▶ [What to do] Copy all records exactly, excluding images.
Start of Data provided
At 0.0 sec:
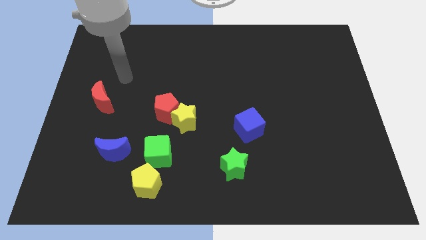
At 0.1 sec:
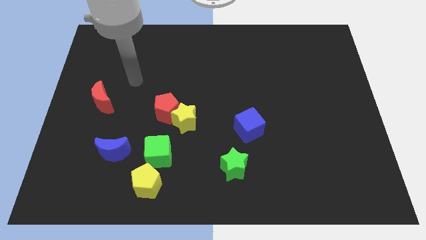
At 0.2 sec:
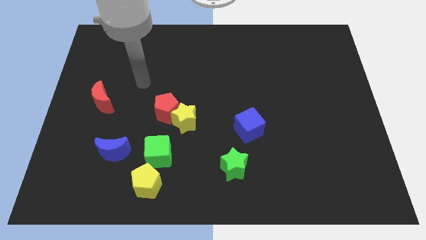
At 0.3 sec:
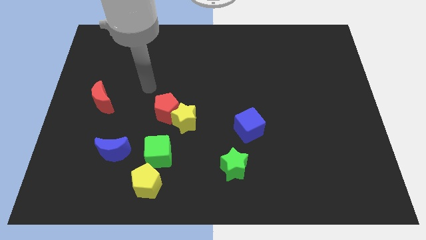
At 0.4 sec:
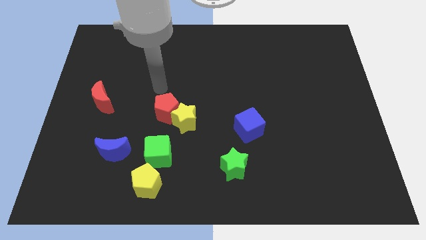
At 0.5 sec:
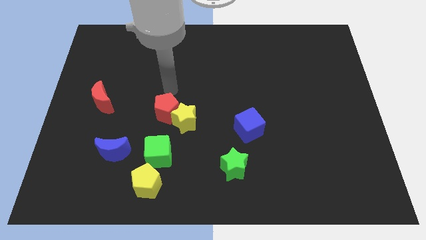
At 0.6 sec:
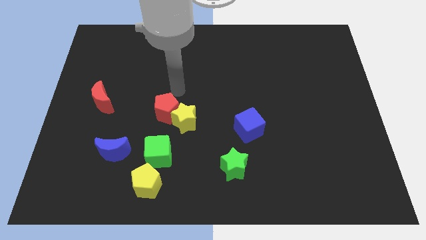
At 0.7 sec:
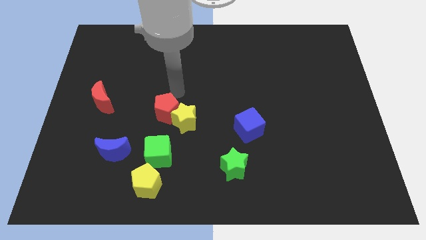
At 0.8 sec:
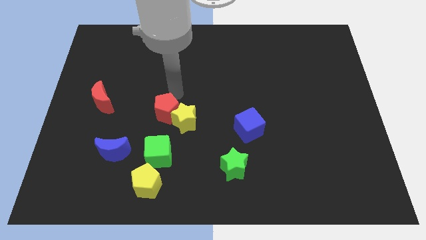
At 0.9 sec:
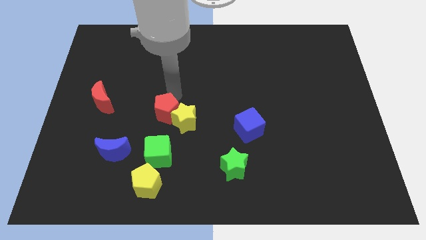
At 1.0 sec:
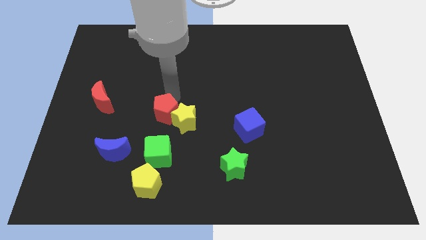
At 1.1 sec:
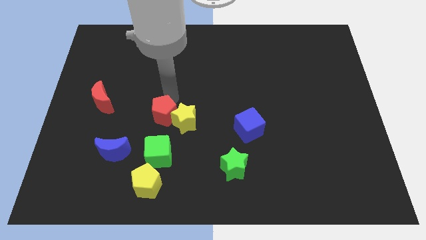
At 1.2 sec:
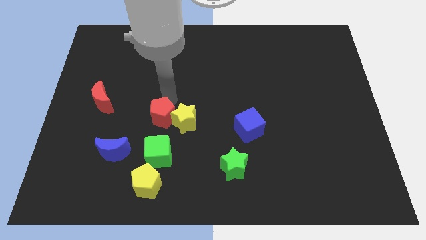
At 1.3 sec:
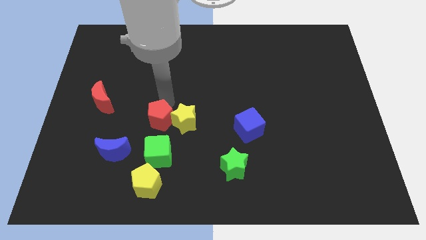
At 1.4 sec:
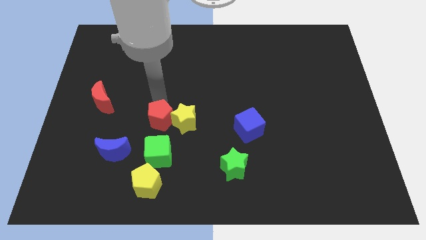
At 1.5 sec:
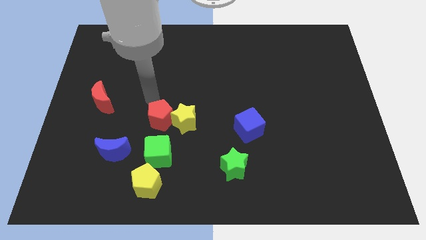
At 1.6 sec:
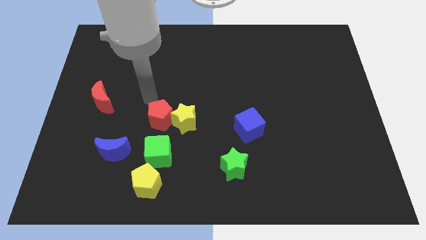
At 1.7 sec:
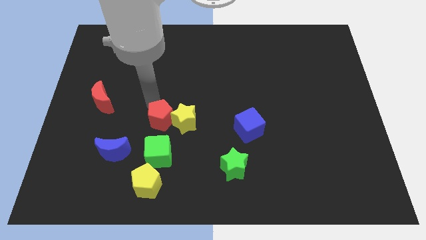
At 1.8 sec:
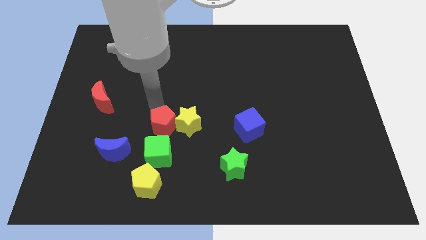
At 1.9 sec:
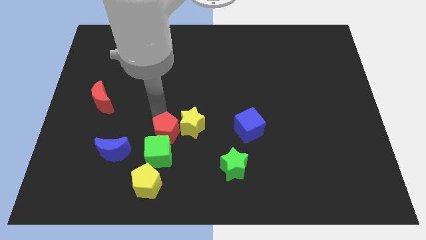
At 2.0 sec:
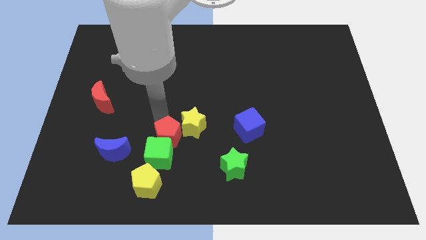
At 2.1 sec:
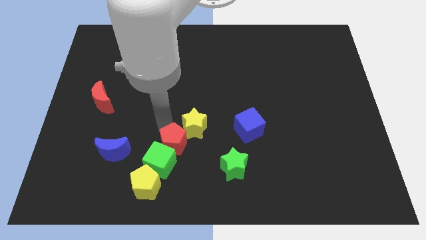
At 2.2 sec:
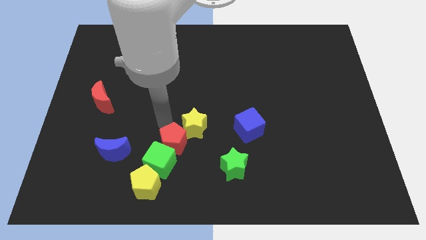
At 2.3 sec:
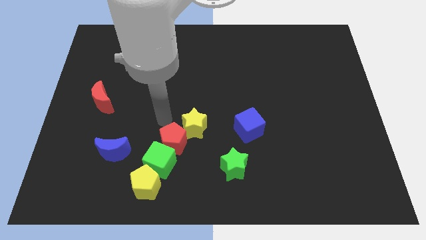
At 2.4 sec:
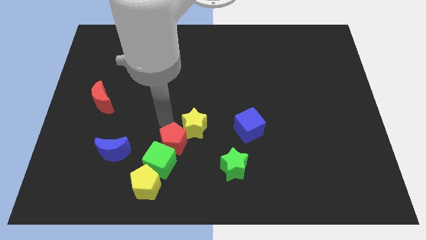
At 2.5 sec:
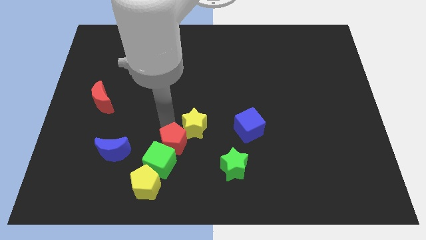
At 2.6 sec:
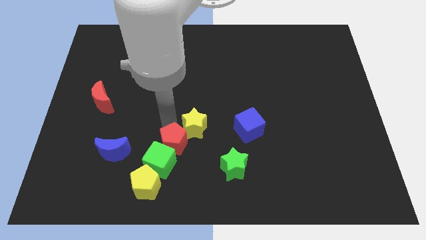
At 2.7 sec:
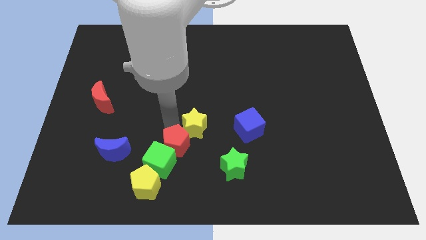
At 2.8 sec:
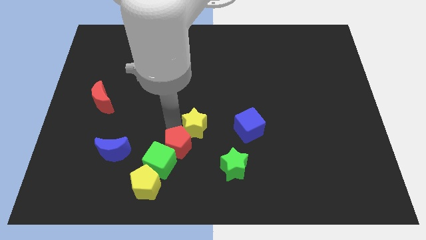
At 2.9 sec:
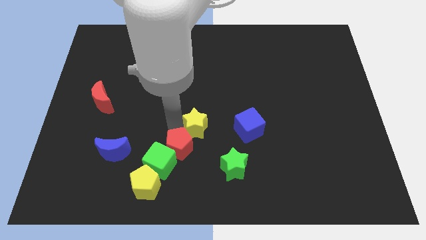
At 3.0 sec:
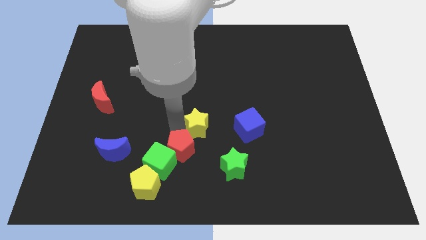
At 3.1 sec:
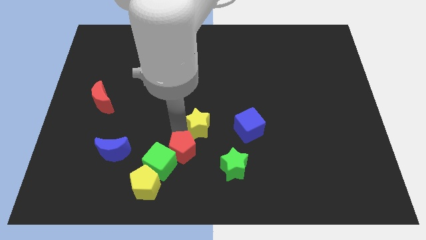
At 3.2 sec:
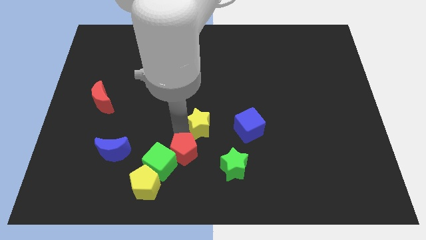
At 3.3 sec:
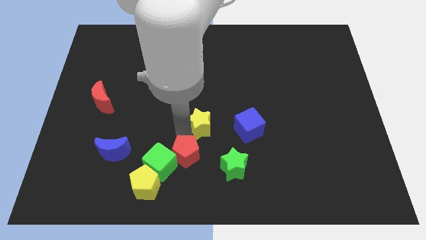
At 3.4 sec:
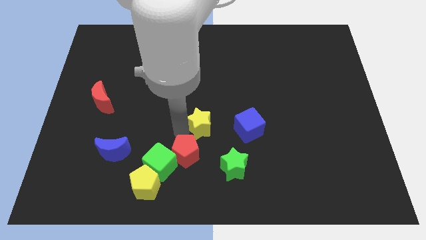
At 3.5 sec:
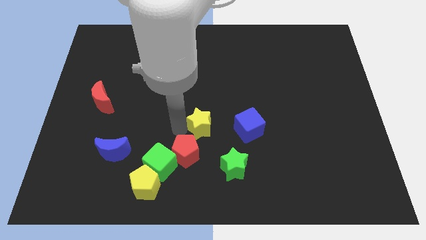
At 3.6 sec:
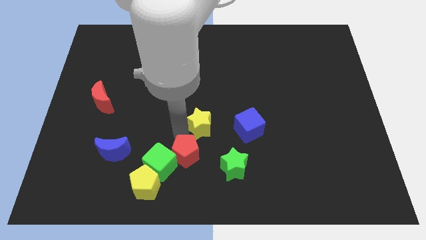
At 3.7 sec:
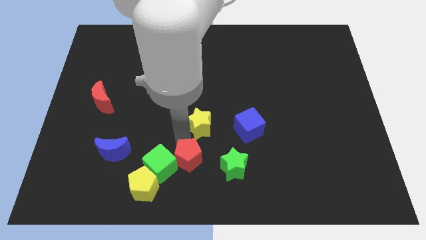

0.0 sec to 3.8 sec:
put the red pentagon to the bottom side
End of Data provided
▶ [The completed task]
At 0.0 sec:
At 0.1 sec:
At 0.2 sec:
At 0.3 sec:
At 0.4 sec:
At 0.5 sec:
At 0.6 sec:
At 0.7 sec:
At 0.8 sec:
At 0.9 sec:
At 1.0 sec:
At 1.1 sec:
At 1.2 sec:
At 1.3 sec:
At 1.4 sec:
At 1.5 sec:
At 1.6 sec:
At 1.7 sec:
At 1.8 sec:
At 1.9 sec:
At 2.0 sec:
At 2.1 sec:
At 2.2 sec:
At 2.3 sec:
At 2.4 sec:
At 2.5 sec:
At 2.6 sec:
At 2.7 sec:
At 2.8 sec:
At 2.9 sec:
At 3.0 sec:
At 3.1 sec:
At 3.2 sec:
At 3.3 sec:
At 3.4 sec:
At 3.5 sec:
At 3.6 sec:
At 3.7 sec:

0.0 sec to 3.8 sec:
put the red pentagon to the bottom side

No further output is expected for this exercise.